Coricancha, Koricancha, Qoricancha or Qorikancha ("The Golden Temple," from Quechua quri gold; kancha enclosure) was the most important temple in the Inca Empire.  It is located in Cusco, Peru, which was the capital of the empire.

History 
Originally named Intikancha or Intiwasi, it was dedicated to Inti, and is located at the former Inca capital of Cusco.  Most of the temple was destroyed after the 16th-century war with the Spanish conquistadors, as settlers also took it apart to build their own churches and residences. Much of its stonework was used as the foundation for the seventeenth-century Santo Domingo Convent. It was built after the 1650 earthquake destroyed the first Dominican convent.

To construct Coricancha, the Inca used ashlar masonry, building from the placement of similarly sized cuboid stones that they had cut and shaped for this purpose. The use of ashlar masonry made the temple much more difficult to construct, as the Inca did not use any stone with a slight imperfection or break. By choosing this masonry type, the Inca intentionally demonstrated the importance of the building through the extent of the labor necessary to build the structure. Through the arduous labor needed to construct buildings with ashlar masonry, this form of construction came to signify the Inca's imperial power to mobilize and direct local labor forces. The replication throughout Andean South America of Inca architectural techniques, such as those employed at Coricancha, expressed the extent of Inca control over a vast geographic region.
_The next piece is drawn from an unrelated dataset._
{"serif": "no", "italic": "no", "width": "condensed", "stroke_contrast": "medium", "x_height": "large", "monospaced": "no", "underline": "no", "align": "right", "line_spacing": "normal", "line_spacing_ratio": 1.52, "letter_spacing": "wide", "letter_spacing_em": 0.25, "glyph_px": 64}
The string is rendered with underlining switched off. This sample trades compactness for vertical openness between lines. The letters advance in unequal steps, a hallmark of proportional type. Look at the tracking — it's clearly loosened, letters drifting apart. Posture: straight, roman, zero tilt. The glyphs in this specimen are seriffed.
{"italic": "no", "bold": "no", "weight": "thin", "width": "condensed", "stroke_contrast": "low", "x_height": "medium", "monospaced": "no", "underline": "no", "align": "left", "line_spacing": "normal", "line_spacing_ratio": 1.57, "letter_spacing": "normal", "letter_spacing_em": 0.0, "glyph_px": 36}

Pachakutiq Inca Yupanqui rebuilt Cusco and the House of the Sun, enriching it with more oracles and edifices, and adding plates of fine gold.  He provided vases of gold and silver for the Mama-cunas, nuns or cloistered women, to use in the veneration services.  Finally, he took the bodies of the seven deceased Incas and adorned them with masks, head-dresses, medals, bracelets, and sceptres of gold, placing them on a golden bench.
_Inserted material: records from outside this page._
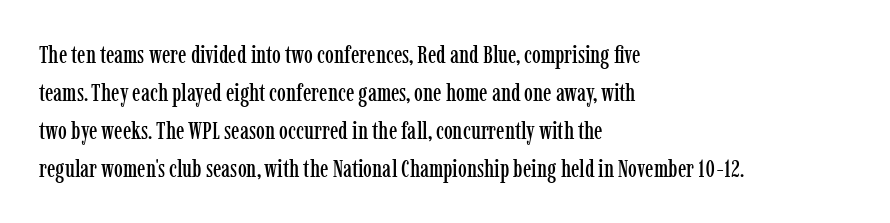
The image shows 25 px text type, upright; set left-aligned, normal line spacing (1.52x), normal letter spacing, not underlined.
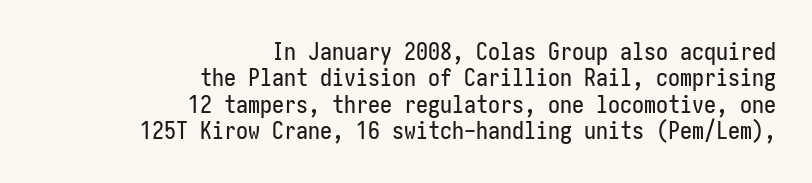
Q: Is the text italic (slanted)? A: No, it is upright.
Q: Is the text underlined? A: No.
Q: How is the paragraph aligned? A: Right-aligned.
Q: Is the spacing between letters normal or unusually wide? A: Normal.
Q: Is the spacing between lines tight, normal or loose? A: Tight.
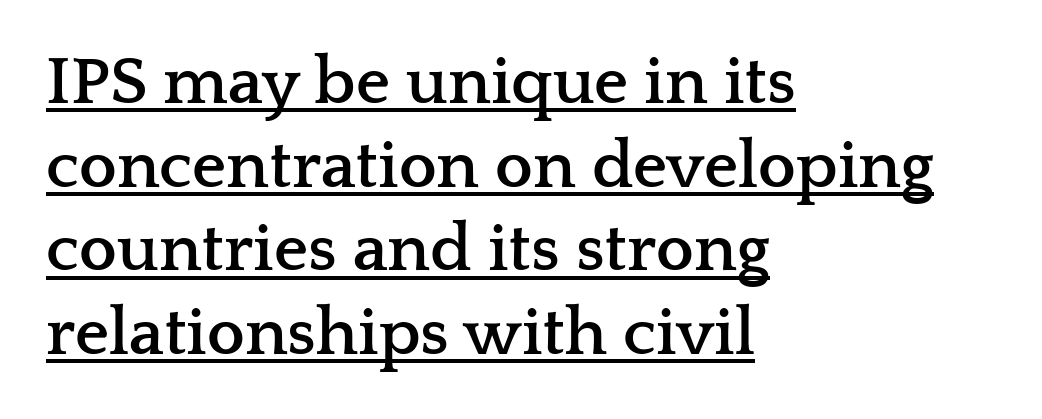
{"serif": "yes", "italic": "no", "bold": "yes", "weight": "semibold", "width": "wide", "stroke_contrast": "low", "x_height": "medium", "monospaced": "no", "underline": "yes", "align": "left", "line_spacing": "normal", "line_spacing_ratio": 1.25, "letter_spacing": "normal", "letter_spacing_em": 0.0, "glyph_px": 67}

The walls were once covered in sheets of gold, and the adjacent courtyard was filled with golden statues. Spanish reports tell of an opulence that was "fabulous beyond belief". When the Spanish in 1533 required the Inca to raise a ransom in gold for the life of their leader Atahualpa, most of the gold was collected from Coricancha.

The Spanish colonists built the Convent of Santo Domingo on the site, demolishing the temple and using its foundations for the cathedral. They also used parts of the building for other churches and residences. Construction took most of a century. This is one of numerous sites where the Spanish incorporated Inca stonework into the structure of a colonial building. Major earthquakes severely damaged the church, but the Inca stone walls, built out of huge, tightly interlocking blocks of stone, still stand due to their sophisticated stone masonry. Nearby is an underground archaeological museum that contains mummies, textiles, and sacred idols from the site.

Inca astronomy

Similarities are found in the semicircular temples found in the Temple of the Sun in Cusco, the Torreon in Machu Picchu, and the Temple of the Sun in Písac.  In particular, all three exhibit a "parabolic enclosure wall" of the finest stonework, as Bingham describes it.  These structures were also used for similar purposes, including the observation of solstices and Inca constellations.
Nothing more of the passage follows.